Sage und schreibe 6 Wochen dauert es, bis ein Zungenpiercing verheilt ist, am Bauchnabel kann die Heilung sogar bis zu einem Jahr in Anspruch nehmen! Reichlich Zeit also für die gefährlichen Erreger, um ungehindert in die Blutbahn zu gelangen, und um in den inneren Organen ihr Unwesen zu treiben. Erschwerend kommt hinzu, dass die Bakterien zusammen mit Schmutz, Fett, Schweiß und Sekret fest auf dem Metall oder dem Kunststoffelement der Schmuckstücke haften. Geschützt in diesem schwer angreifbaren Biofilm fristen ganze Kolonien „unbekümmert“ ihr Dasein. Kein Wunder, dass es dort mit hoher Wahrscheinlichkeit immer wieder zu Problemen kommen kann. Auf die gewissenhafte Pflege der gepiercten Stellen darf daher nicht verzichtet werden.
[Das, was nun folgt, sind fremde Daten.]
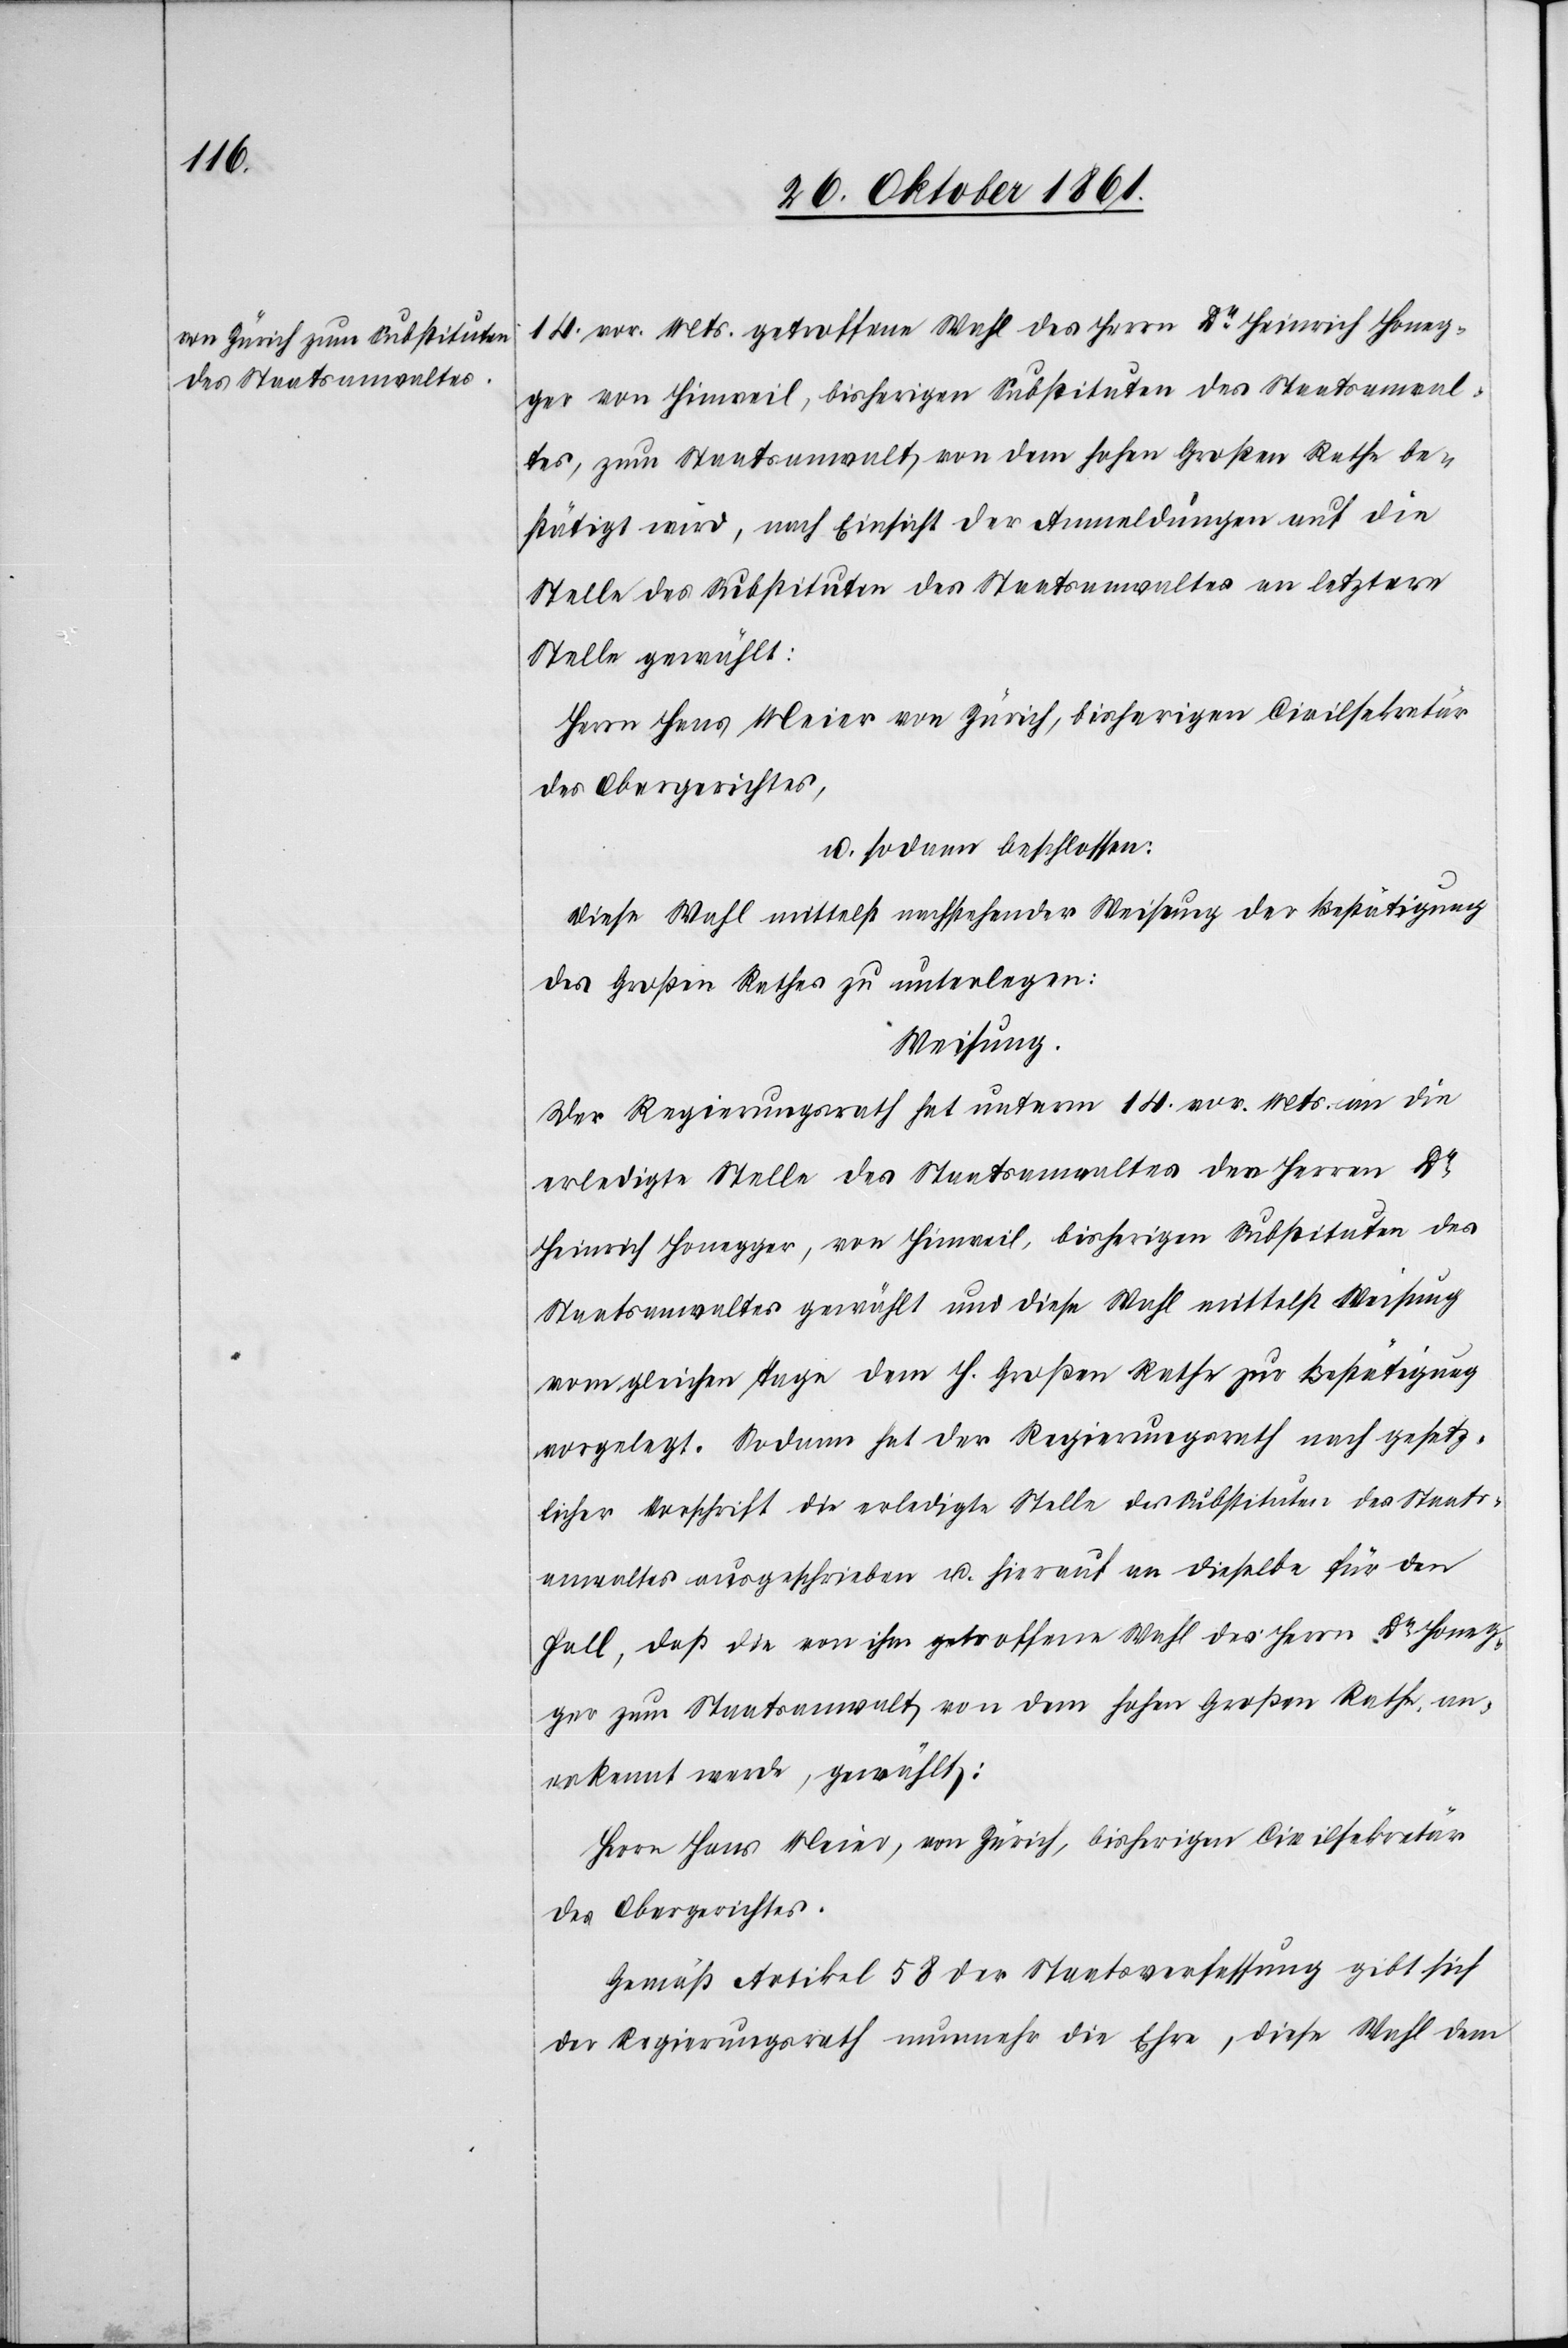
14 vor. Mts. getroffene Wahl des Herrn Dr Heinrich Honeg¬
ger von Hinweil, bisherigen Substituten des Staatsanwal¬
tes, zum Staatsanwalt von dem Hohen Großen Rathe be¬
stätigt wird, nach Einsicht der Anmeldungen auf die
Stelle des Substituten des Staatsanwaltes an letztere
Stelle gewählt:
Herrn Hans Meier von Zürich, bisherigen Civilsekretär
des Obergerichtes,
u. sodann beschlossen:
Diese Wahl mittelst nachstehender Weisung der Bestätigung
des Großen Rathes zu unterlegen:
Weisung.
Der Regierungsrath hat unterm 14 vor. Mts. an die
erledigte Stelle des Staatsanwaltes den Herrn Dr
Heinrich Honegger, von Hinweil, bisherigen Substituten des
Staatsanwaltes gewählt und diese Wahl mittelst Weisung
vom gleichen Tage dem H. Großen Rathe zur Bestätigung
vorgelegt. Sodann hat der Regierungsrath nach gesetz¬
licher Vorschrift die erledigte Stelle des Substituten des Staats¬
anwaltes ausgeschrieben u. hierauf an dieselbe für den
Fall, daß die von ihm getroffene Wahl des Herrn Dr Honeg¬
ger zum Staatsanwalt von dem hohen Großen Rathe an¬
erkannt werde, gewählt:
Herr Hans Meier, von Zürich, bisherigen Civilsekretär
des Obergerichtes.
Gemäß Artikel 58 der Staatsverfassung gibt sich
der Regierungsrath nunmehr die Ehre, diese Wahl dem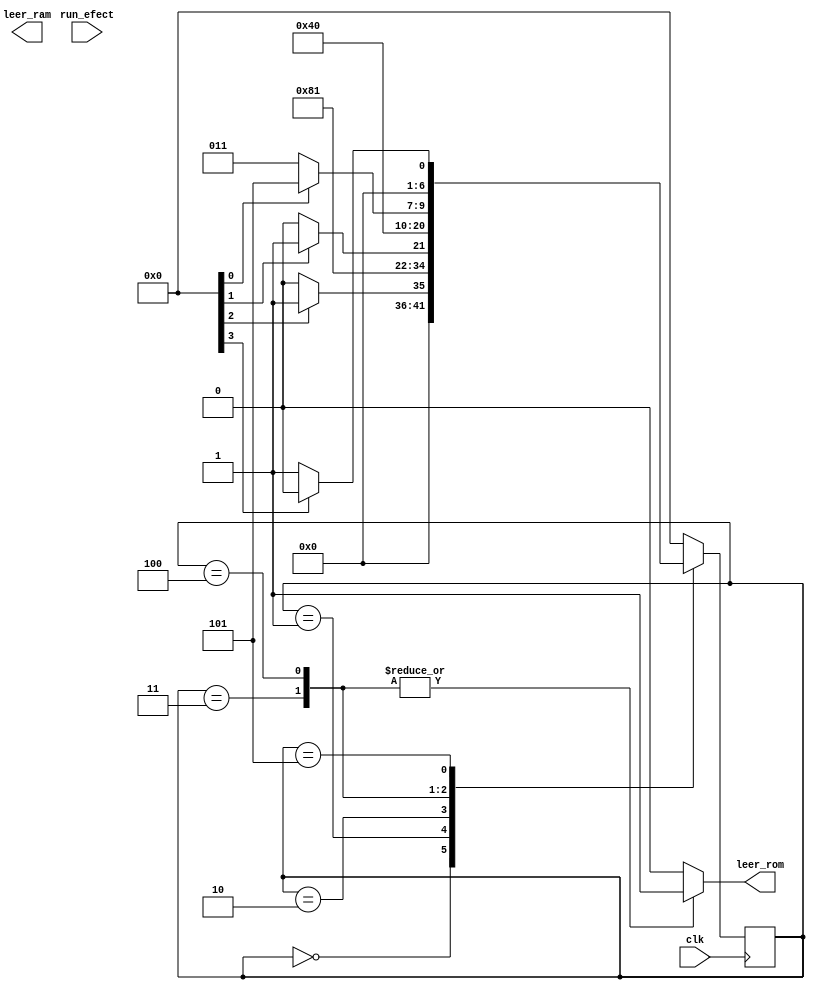
module control_leds(
	input clk,
	input run_efect,
	output reg leer_ram,
	output reg leer_rom
	);
	
	reg [6:0] current_state;
	reg [6:0] next_state;
	
	parameter start=7'b0000000, state_1=7'b0000001, state_2=7'b0000010, state_3=7'b0000011, state_4=7'b0000100, state_5=7'b0000101;//,state_1p=7'b0000110; 

	always @(top_ascci or done or top_col or leer_ram or new_string or current_state)begin
		case(current_state)
     		start: 	begin			//encendido esperando new string
						
								add_dirram=1'b0;
								reset_dirram=1'b1;
								add_col=1'b0;
								reset_col=1'b1;
								add_ascci=1'b0;
								reset_ascci=1'b1;
								leer_rom=1'b0;	
								init=0;
			
						if (new_string==1'b1) next_state<=state_1;
						else next_state<=start;
					end
			
			state_1:	begin 		//inicial multiplicacion
								add_dirram=1'b0;
								reset_dirram=1'b0;
								add_col=1'b0;
								reset_col=1'b0;
								add_ascci=1'b0;
								reset_ascci=1'b0;
								leer_rom=1'b0;
								init=1;
						
						next_state<=state_2;
					end
			/*state_1p:	begin 		//doble inint multiplicacion
								add_dirram=1'b0;
								reset_dirram=1'b0;
								add_col=1'b0;
								reset_col=1'b0;
								add_ascci=1'b0;
								reset_ascci=1'b0;
								leer_rom=1'b0;
								init=1;
						
						next_state<=state_2;
					end*/
			state_2:	begin 		//esperando fin multiplicacion
								add_dirram=1'b0;
								reset_dirram=1'b0;
								add_col=1'b0;
								reset_col=1'b0;
								add_ascci=1'b0;
								reset_ascci=1'b0;
								leer_rom=1'b0;
								init=0;
						if(done==1'b1) next_state<=state_3;
					else next_state<=state_2;
					end
			
			state_3:	begin 		//lee y guarda columna de rom a ram
								add_dirram=1'b0;
								reset_dirram=1'b0;
								add_col=1'b0;
								reset_col=1'b0;
								add_ascci=1'b0;
								reset_ascci=1'b0;
								leer_rom=1'b1;
								init=0;

						next_state<=state_4;
					end
			state_4:	begin		//pasa a sigiente columna
								add_dirram=1'b1;
								reset_dirram=1'b0;
								add_col=1'b1;
								reset_col=1'b0;
								add_ascci=1'b0;
								reset_ascci=1'b0;
								leer_rom=1'b1;
								init=0;
						if (top_col == 1'b1) next_state<=state_5;
						else next_state<=state_3;
						
					end
			state_5:	begin		// pasa a sigiente ascci
								add_dirram=1'b1;
								reset_dirram=1'b0;
								add_col=1'b0;
								reset_col=1'b1;
								add_ascci=1'b1;
								reset_ascci=1'b0;
								leer_rom=1'b0;
								init=0;
						if (top_ascci==1'b1)next_state<=start;
						else next_state<=state_1;

					end
			/*state_4:	begin		// Aumento de vueltas
								add_dirram=1'b0;
								reset_dirram=1'b1;
								add_col=1'b0;
								reset_col=1'b1;
								add_ascci=1'b0;
								reset_ascci=1'b1;
								enram=1'b0;
								leer_ram=1'b0;
						
						if (top_1==1'b1)next_state<=state_5;
						else next_state<=state_1;
			
					end*/
			default:
					begin
								add_dirram=1'b0;
								reset_dirram=1'b0;
								add_col=1'b0;
								reset_col=1'b0;
								add_ascci=1'b0;
								reset_ascci=1'b0;
								leer_rom=1'b0;
								init=0;
						next_state<=start;
					end
		endcase
	end	

	always @(negedge clk) begin
	    current_state<=next_state;	
	end
endmodule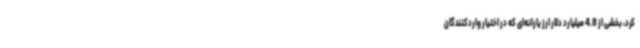
کرد، بخشی از 4.8 میلیارد دلار ارز یارانه‌ای که در اختیار واردکنندگان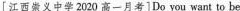
[ 江西崇义中学 2020 高一月考]Do you want to be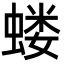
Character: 蝼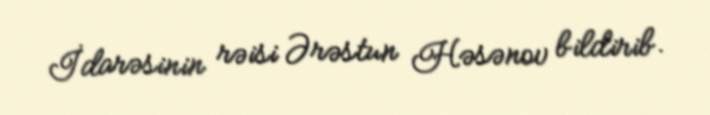
İdarəsinin rəisi Ərəstun Həsənov bildirib.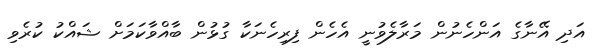
އަދި އޭނާގެ އަންހެނުން މަރާލެވުނީ އެހެން ފިރިހެނަކާ ގުޅުން ބާއްވާކަމަށް ޝައްކު ކުރެވި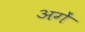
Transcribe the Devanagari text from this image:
अगें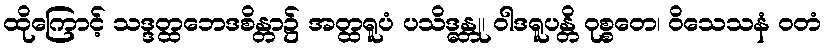
ထိုကြောင့် သဒ္ဒတ္ထဘေဒစိန္တာ၌ အတ္ထရူပံ ပသိဒ္ဓန္တု၊ ဝါဒရူပန္တိ ဝုစ္စတေ၊ ဝိသေသနံ ဝတံ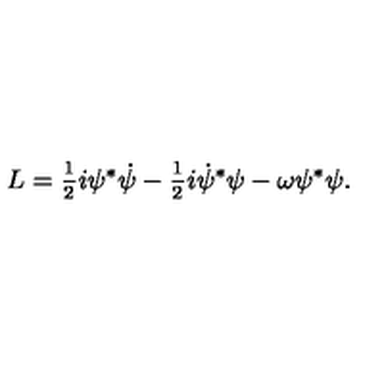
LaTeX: L = \frac { _ 1 } { ^ 2 } i \psi ^ { * } \dot { \psi } - \frac { _ 1 } { ^ 2 } i \dot { \psi } ^ { * } \psi - \omega \psi ^ { * } \psi .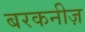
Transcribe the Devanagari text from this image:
बरकनीज़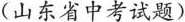
(山东省中考试题)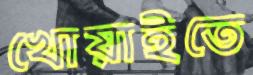
খোয়াইতে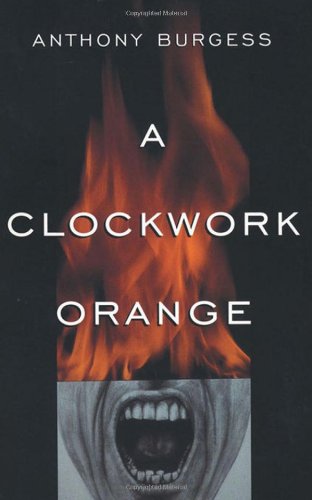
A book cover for A Clockwork Orange; Anthony Burgess; Science Fiction & Fantasy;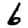
Digit: 6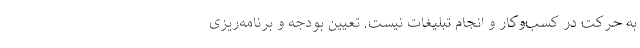
به حرکت در کسب‌وکار و انجام تبلیغات نیست. تعیین بودجه و برنامه‌ریزی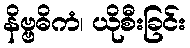
နိဗ္ဗဓိကံ၊ ယိုစီးခြင်း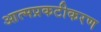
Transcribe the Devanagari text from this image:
आत्मप्रकटीकरण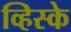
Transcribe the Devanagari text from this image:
व्हिस्के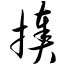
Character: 揍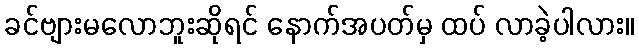
ခင်ဗျားမလောဘူးဆိုရင် နောက်အပတ်မှ ထပ် လာခဲ့ပါလား။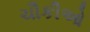
ચૌકીઓ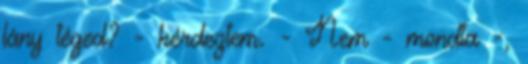
lány téged? - kérdeztem. - Nem - mondta -,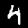
Label: 4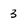
Character: 3

Obwohl Piercen seit längerem „groß in Mode“ ist, sollte man sich wegen der damit verbundenen möglichen Gefahren genauestens überlegen, wie, wo und ob man sich überhaupt piercen lässt. Gerade an Ohrmuscheln, der Nase, dem Bauchnabel, den Genitalien oder der Zunge könnte die anfängliche Freude schnell der Reue weichen.